Tagline: "We are the Football Tribe"

The first installment in the series of Pro Evolution Soccer games was released in October 2001 for both PlayStation and PlayStation 2. It was released under the name World Soccer: Winning Eleven 5 in Japan. Commentary on the game was provided by Jon Briggs and Terry Butcher.

==== Pro Evolution Soccer 2 ====

Tagline: "They Will Rock You"

Pro Evolution Soccer 2 (World Soccer: Winning Eleven 6 in Japan and World Soccer: Winning Eleven 6 - International in the United States, PS2 and GameCube only) and World Soccer Winning Eleven 2002 exclusively in PS1 is the second installment and was released in October 2002 and some felt that it was a slight backwards step from the original Pro Evolution Soccer. Others argued that it had improved. The pace of gameplay was much faster than in the game's older sibling, with sharper turns and quicker reactions to tackles. It also included a training session mode. Extra clubs were added, with an extra Master League division. There were two new commentators, Peter Brackley and Trevor Brooking, but this aspect of the game was criticised for the commentators' inaccuracies and tendency to speak over each other.
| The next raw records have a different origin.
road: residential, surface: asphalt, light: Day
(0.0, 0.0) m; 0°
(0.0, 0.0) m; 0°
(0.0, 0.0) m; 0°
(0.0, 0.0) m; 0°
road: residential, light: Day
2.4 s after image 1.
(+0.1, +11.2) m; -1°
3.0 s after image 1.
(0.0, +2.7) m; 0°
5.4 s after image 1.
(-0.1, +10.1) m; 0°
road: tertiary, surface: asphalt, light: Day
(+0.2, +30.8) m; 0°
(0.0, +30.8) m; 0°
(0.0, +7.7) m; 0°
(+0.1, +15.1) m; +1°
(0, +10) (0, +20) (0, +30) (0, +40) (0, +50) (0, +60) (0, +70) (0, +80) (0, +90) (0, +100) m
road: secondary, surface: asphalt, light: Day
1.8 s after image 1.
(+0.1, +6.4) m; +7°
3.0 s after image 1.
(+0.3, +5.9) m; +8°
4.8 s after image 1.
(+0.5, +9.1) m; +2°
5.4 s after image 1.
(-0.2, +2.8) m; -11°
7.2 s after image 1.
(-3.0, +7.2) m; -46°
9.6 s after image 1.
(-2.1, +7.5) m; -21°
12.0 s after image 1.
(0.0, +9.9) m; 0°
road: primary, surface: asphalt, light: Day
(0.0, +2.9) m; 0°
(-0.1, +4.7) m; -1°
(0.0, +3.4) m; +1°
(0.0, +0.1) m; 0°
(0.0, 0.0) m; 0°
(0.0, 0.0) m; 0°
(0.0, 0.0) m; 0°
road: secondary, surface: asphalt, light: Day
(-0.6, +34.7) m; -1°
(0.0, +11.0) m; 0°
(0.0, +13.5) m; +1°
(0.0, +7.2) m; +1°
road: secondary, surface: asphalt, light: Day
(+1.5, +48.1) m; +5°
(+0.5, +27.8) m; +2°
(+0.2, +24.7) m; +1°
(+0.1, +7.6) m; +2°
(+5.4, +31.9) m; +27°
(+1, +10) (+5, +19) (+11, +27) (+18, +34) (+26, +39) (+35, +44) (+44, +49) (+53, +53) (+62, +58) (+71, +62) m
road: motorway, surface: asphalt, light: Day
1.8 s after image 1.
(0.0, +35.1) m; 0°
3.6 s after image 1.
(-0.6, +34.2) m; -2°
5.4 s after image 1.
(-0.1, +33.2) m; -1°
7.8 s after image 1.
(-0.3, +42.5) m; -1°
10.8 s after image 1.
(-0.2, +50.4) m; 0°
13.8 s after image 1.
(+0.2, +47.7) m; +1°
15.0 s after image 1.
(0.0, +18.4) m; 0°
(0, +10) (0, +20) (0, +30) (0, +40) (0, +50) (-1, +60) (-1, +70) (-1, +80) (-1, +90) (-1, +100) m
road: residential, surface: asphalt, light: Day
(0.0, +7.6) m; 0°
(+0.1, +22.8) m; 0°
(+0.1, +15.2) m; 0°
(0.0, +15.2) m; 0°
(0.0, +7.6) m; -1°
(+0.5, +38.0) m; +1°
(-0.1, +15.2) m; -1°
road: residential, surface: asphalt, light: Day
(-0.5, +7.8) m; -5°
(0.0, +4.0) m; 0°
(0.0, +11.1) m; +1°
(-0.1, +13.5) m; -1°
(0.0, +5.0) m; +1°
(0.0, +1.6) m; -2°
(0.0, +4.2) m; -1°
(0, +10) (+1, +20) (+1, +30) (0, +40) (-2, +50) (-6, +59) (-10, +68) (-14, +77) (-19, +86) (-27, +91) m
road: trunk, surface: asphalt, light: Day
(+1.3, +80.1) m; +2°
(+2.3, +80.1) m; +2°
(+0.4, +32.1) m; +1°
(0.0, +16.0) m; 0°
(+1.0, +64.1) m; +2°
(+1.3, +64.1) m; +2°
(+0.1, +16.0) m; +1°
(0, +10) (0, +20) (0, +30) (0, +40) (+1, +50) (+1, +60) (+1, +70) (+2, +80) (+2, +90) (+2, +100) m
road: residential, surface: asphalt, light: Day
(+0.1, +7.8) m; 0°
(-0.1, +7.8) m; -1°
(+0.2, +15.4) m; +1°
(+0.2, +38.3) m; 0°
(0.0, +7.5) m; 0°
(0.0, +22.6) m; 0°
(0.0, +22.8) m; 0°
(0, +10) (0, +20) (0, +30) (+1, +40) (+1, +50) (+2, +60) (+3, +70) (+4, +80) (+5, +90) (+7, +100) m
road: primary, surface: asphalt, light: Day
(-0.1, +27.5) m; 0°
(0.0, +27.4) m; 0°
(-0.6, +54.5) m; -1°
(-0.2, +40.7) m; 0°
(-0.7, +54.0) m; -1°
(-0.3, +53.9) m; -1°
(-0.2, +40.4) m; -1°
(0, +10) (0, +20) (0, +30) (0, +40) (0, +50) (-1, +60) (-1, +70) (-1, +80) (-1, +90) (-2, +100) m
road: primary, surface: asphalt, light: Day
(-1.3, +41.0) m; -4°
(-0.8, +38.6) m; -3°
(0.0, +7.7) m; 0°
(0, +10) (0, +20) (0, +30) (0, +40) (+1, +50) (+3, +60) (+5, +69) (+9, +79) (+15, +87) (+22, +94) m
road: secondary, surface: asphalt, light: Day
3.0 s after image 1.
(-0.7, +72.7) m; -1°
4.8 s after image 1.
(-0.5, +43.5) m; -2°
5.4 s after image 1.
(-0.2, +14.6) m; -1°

The licensing was much the same, but infamously all Dutch players were called "Oranges" (e.g. goalkeeper Edwin van der Sar was renamed "Oranges025", Johan Cruyff was "Oranges082", etc.), because Konami did not hold the rights from the Royal Dutch Football Association, for use from Dutch players; in fact, plenty of other football games of the period with FIFPro licences also saw this happen to them (including FIFA 2002), following Netherlands' unsuccessful campaign at the 2002 World Cup qualifiers. Also, unlike in the original game, the "unofficial" club names stopped using obvious city names (e.g. Manchester United was Manchester, Real Madrid was Madrid, etc.), and instead used very ambiguous names (e.g. Manchester United were now Aragon, Liverpool became Europort, and West Ham became Lake District). The edit mode included a club editor which offset this problem to some extent, with editable kits and logos as well as club and player names.

The game notably included licensed tracks by Queen: "We Will Rock You" as opening theme and "We are the Champions" as ending for champions final. A PlayStation version (known as World Soccer: Winning Eleven 2002 in Japan) was also released in last April 2002 with matchball world cup 2002 by adidas Fevernova, which was the last Pro Evolution Soccer release for the original PlayStation with matchball by Umbro.

==== Pro Evolution Soccer 3 ====

Taglines: "The Season Starts Here" (Winning Eleven 7/Pro Evolution Soccer 3/Winning Eleven 7: International (US)); "Football is Life" (Winning Eleven 7: International (JP))

Cover athlete: Pierluigi Collina (World) (Note: Collina is not present as an in-game referee.)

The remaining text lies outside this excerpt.